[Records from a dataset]
= = = = =

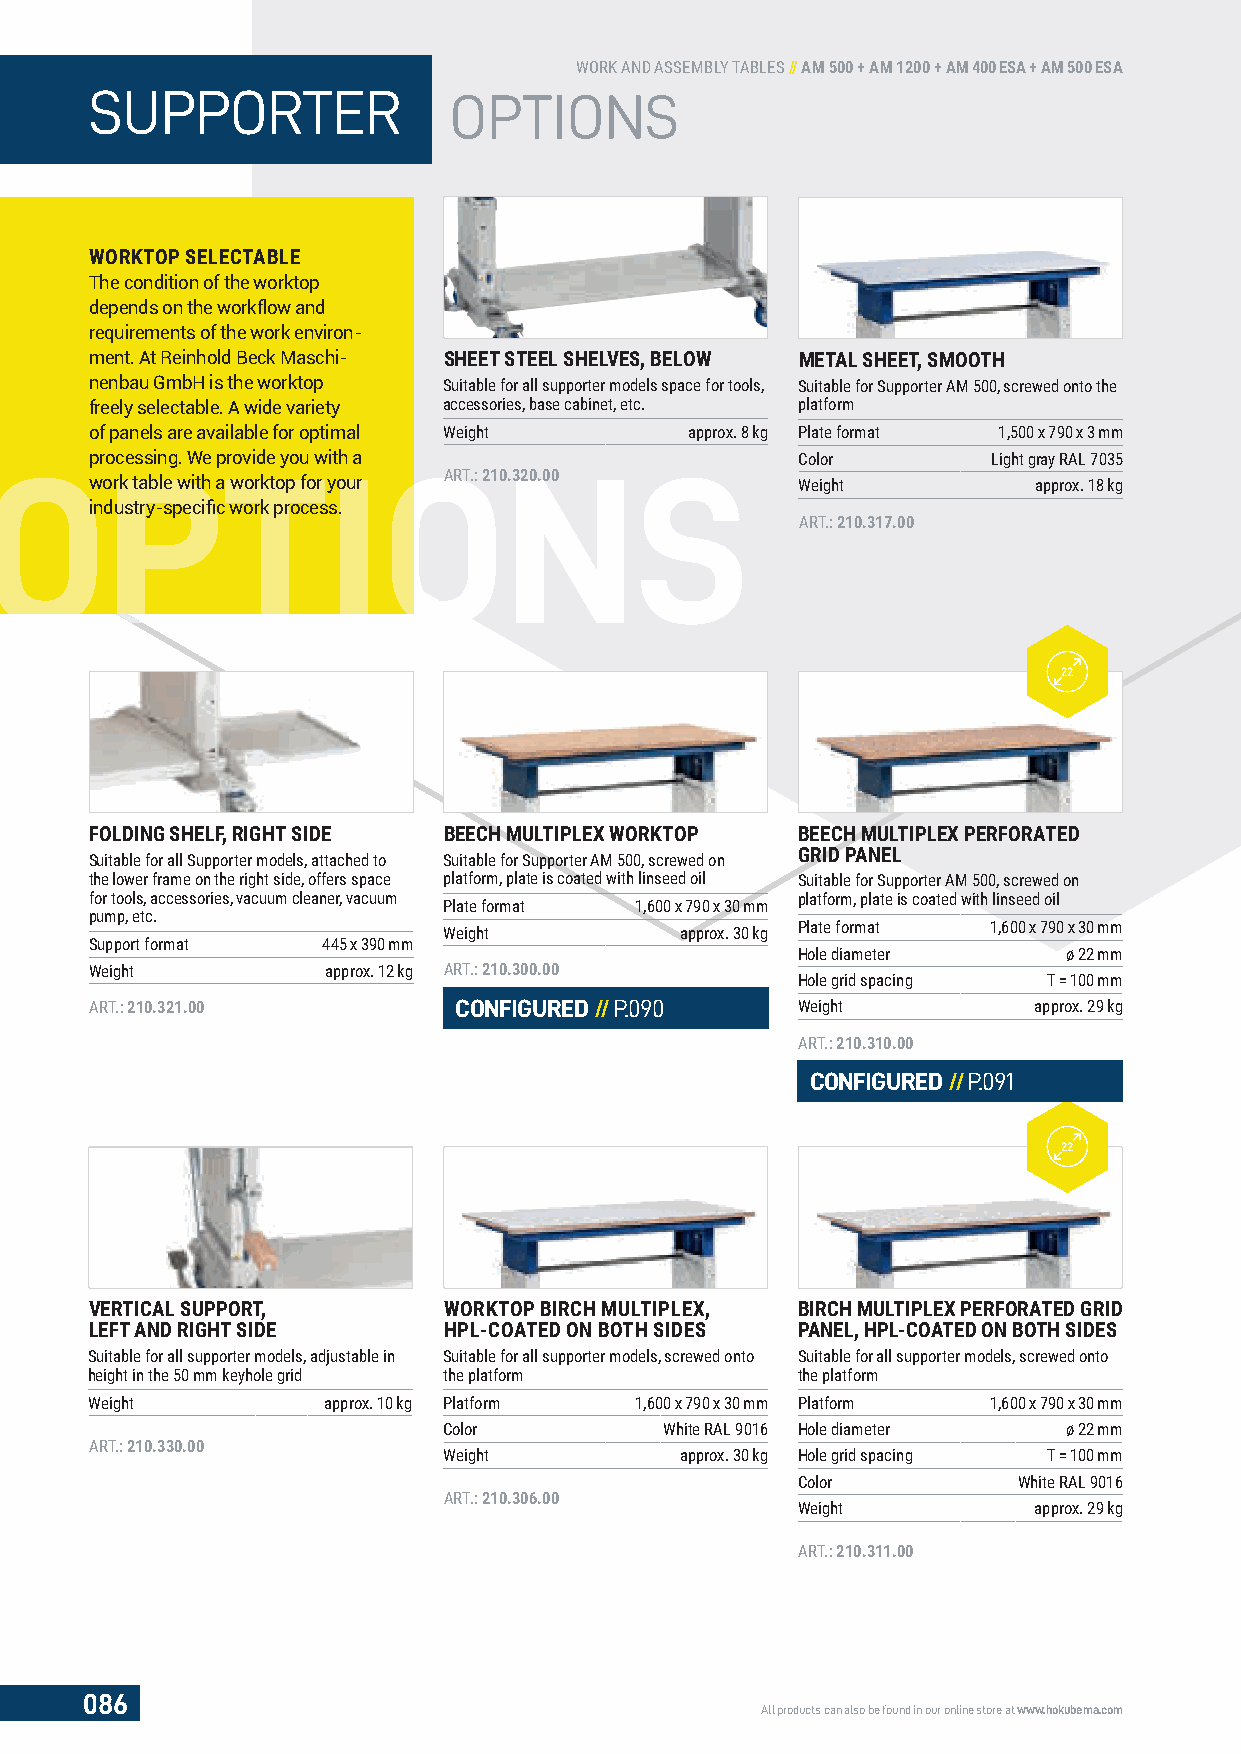
WORK AND ASSEMBLY TABLES // AM 500 + AM 1200 + AM 400 ESA + AM 500 ESA
 SUPPORTER               OPTIONS
 WORKTOP SELECTABLE
 The condition of the worktop
 depends on the workflow and
 requirements of the work environ-
 ment. At Reinhold Beck Maschi- SHEET STEEL SHELVES, BELOW METAL SHEET, SMOOTH
 nenbau GmbH is the worktop Suitable for all supporter models space for tools, Suitable for Supporter AM 500, screwed onto the
 freely selectable. A wide variety accessories, base cabinet, etc. platform
 of panels are available for optimal Weight approx. 8 kg Plate format 1,500 x 790 x 3 mm
 OOOproPPPPcessing. We pTTTTrovide you wIIIIith a OOOONNS Color    Light gray RAL 7035
 work table with a worktop for your ART.: 210.320.00 Weight    approx. 18 kg
 industry-specifi c work process.
 ART.: 210.317.00
 22
 FOLDING SHELF, RIGHT SIDE BEECH MULTIPLEX WORKTOP BEECH MULTIPLEX PERFORATED
 GRID PANEL
 Suitable for all Supporter models, attached to Suitable for Supporter AM 500, screwed on
 the lower frame on the right side, offers space platform, plate is coated with linseed oil Suitable for Supporter AM 500, screwed on
 for tools, accessories, vacuum cleaner, vacuum platform, plate is coated with linseed oil
 Plate format 1,600 x 790 x 30 mm
 pump, etc.
 Weight          approx. 30 kg Plate format 1,600 x 790 x 30 mm
 Support format 445 x 390 mm
 Hole diameter     ø 22 mm
 Weight          approx. 12 kg ART.: 210.300.00
 Hole grid spacing T = 100 mm
 ART.: 210.321.00        CONFIGURED //P.090     Weight         approx. 29 kg
 ART.: 210.310.00
 CONFIGURED //P.091
 22
 VERTICAL SUPPORT,      WORKTOP BIRCH MULTIPLEX, BIRCH MULTIPLEX PERFORATED GRID
 LEFT AND RIGHT SIDE    HPL-COATED ON BOTH SIDES PANEL, HPL-COATED ON BOTH SIDES
 Suitable for all supporter models, adjustable in Suitable for all supporter models, screwed onto Suitable for all supporter models, screwed onto
 height in the 50 mm keyhole grid the platform  the platform
 Weight         approx. 10 kg Platform 1,600 x 790 x 30 mm Platform 1,600 x 790 x 30 mm
 Color          White RAL 9016 Hole diameter ø 22 mm
 ART.: 210.330.00
 Weight          approx. 30 kg Hole grid spacing T = 100 mm
 Color         White RAL 9016
 ART.: 210.306.00
 Weight         approx. 29 kg
 ART.: 210.311.00
 086
 All products can also be found in our online store at www.hokubema.com
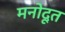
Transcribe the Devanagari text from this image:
मनोदूत
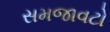
સમજાવટો
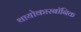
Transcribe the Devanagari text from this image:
थायोकारबॉनिक
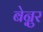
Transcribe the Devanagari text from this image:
बेन्नुर
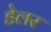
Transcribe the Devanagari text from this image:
डेलर
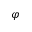
\boldsymbol \varphi
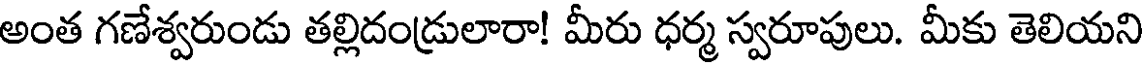
అంత గణేశ్వరుండు తల్లిదండ్రులారా! మీరు ధర్మ స్వరూపులు. మీకు తెలియని
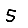
Digit: 5
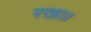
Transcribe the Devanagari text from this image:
रखा॥
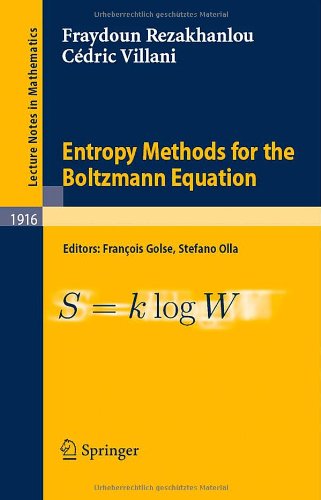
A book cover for Entropy Methods for the Boltzmann Equation: Lectures from a Special Semester at the Centre ÃEmile Borel, Institut H. PoincarÃ©, Paris, 2001 (Lecture Notes in Mathematics); Fraydoun Rezakhanlou; Science & Math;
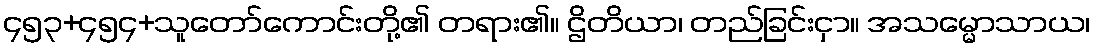
၄၅၃+၄၅၄+သူတော်ကောင်းတို့၏ တရား၏။ ဌိတိယာ၊ တည်ခြင်းငှာ။ အသမ္မောသာယ၊
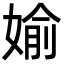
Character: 媮
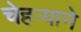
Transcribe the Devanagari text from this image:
चेहऱ्याने
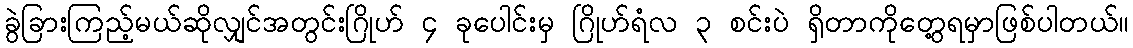
ခွဲခြားကြည့်မယ်ဆိုလျှင်အတွင်းဂြိုဟ် ၄ ခုပေါင်းမှ ဂြိုဟ်ရံလ ၃ စင်းပဲ ရှိတာကိုတွေ့ရမှာဖြစ်ပါတယ်။
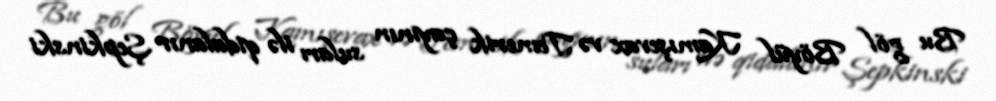
Bu göl Böyül Kamışevax və Temerik çayının suları ilə qidalanır Şepkinski
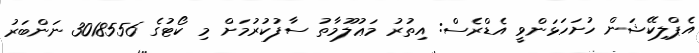
އެޕްލިކޭޝަން ހުށަހަޅަންވީ އެޑްރެސް: އިތުރު މަޢުލޫމާތު ސާފުކުރުމަށް މި ކޯޓުގެ 3018556 ނަންބަރު
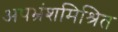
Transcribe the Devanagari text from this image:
अपभ्रंशमिश्रित
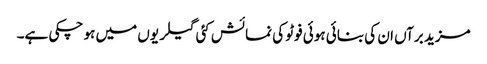
مزید برآں ان کی بنائی ہوئی فوٹو کی نمائش کئی گیلریوں میں ہو چکی ہے۔
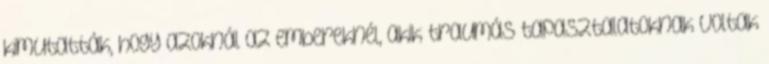
kimutatták, hogy azoknál az embereknél, akik traumás tapasztalatoknak voltak
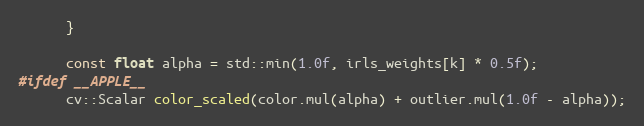
Language: C++
      }

      const float alpha = std::min(1.0f, irls_weights[k] * 0.5f);
#ifdef __APPLE__
      cv::Scalar color_scaled(color.mul(alpha) + outlier.mul(1.0f - alpha));
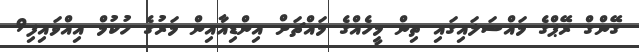
ގޭންގް ރޭޕްގެ މައްސަލައިގައި ތިން މީހެއްގެ މައްޗަށް އިންޑިއާއިން މަރުގެ ހުކުމް އިއްވައިފި9
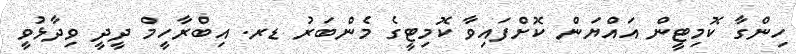
ހިންގާ ކޮމިޓީން އައްޔަން ކޮށްފައިވާ ކޮމިޓީގެ މެންބަރު ޑރ. އިބްރާހީމް ދީދީ ވިދާޅުވީ
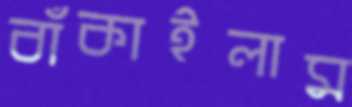
বাঁকাইলাম
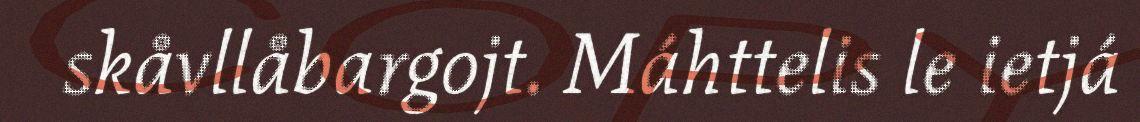
skåvllåbargojt. Máhttelis le ietjá
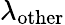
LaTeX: \lambda_{\mathrm{other}}
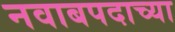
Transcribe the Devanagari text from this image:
नवाबपदाच्या
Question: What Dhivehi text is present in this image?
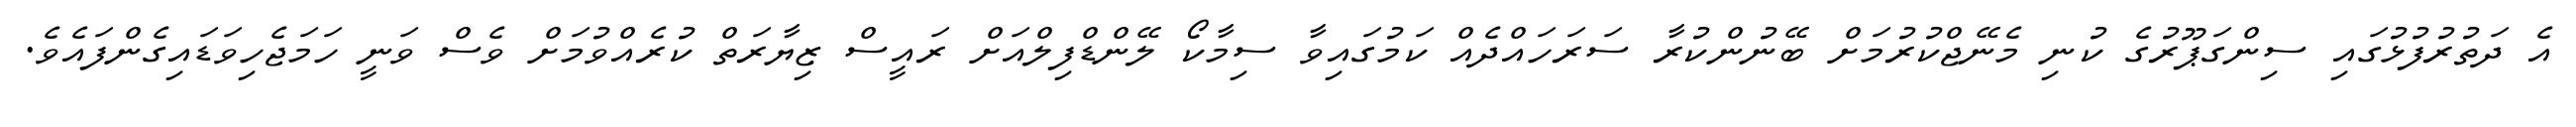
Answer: އެ ދަތުރުފުޅުގައި ސިންގަޕޫރުގެ ކުނި މެނޭޖްކުރުމަށް ބޭނުންކުރާ ސަރަހައްދެއް ކަމުގައިވާ ސިމާކޯ ލޭންޑްފިލްއަށް ރައީސް ޒިޔާރަތް ކުރެއްވުމަށް ވެސް ވަނީ ހަމަޖެހިވަޑައިގެންފައެވެ.
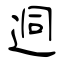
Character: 迵
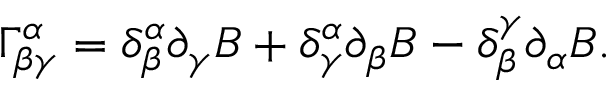
\Gamma _ { \beta \gamma } ^ { \alpha } = \delta _ { \beta } ^ { \alpha } \partial _ { \gamma } B + \delta _ { \gamma } ^ { \alpha } \partial _ { \beta } B - \delta _ { \beta } ^ { \gamma } \partial _ { \alpha } B .

= = = = =

§ WHAT IS REQUIRED:
Beginning at the line above that contains "ART.: 210.310.00", return each line exactly through the line that contains "All products can", and no others.

§ EXERCISE RESULT:
 ART.: 210.310.00
 CONFIGURED //P.091
 22
 VERTICAL SUPPORT,      WORKTOP BIRCH MULTIPLEX, BIRCH MULTIPLEX PERFORATED GRID
 LEFT AND RIGHT SIDE    HPL-COATED ON BOTH SIDES PANEL, HPL-COATED ON BOTH SIDES
 Suitable for all supporter models, adjustable in Suitable for all supporter models, screwed onto Suitable for all supporter models, screwed onto
 height in the 50 mm keyhole grid the platform  the platform
 Weight         approx. 10 kg Platform 1,600 x 790 x 30 mm Platform 1,600 x 790 x 30 mm
 Color          White RAL 9016 Hole diameter ø 22 mm
 ART.: 210.330.00
 Weight          approx. 30 kg Hole grid spacing T = 100 mm
 Color         White RAL 9016
 ART.: 210.306.00
 Weight         approx. 29 kg
 ART.: 210.311.00
 086
 All products can also be found in our online store at www.hokubema.com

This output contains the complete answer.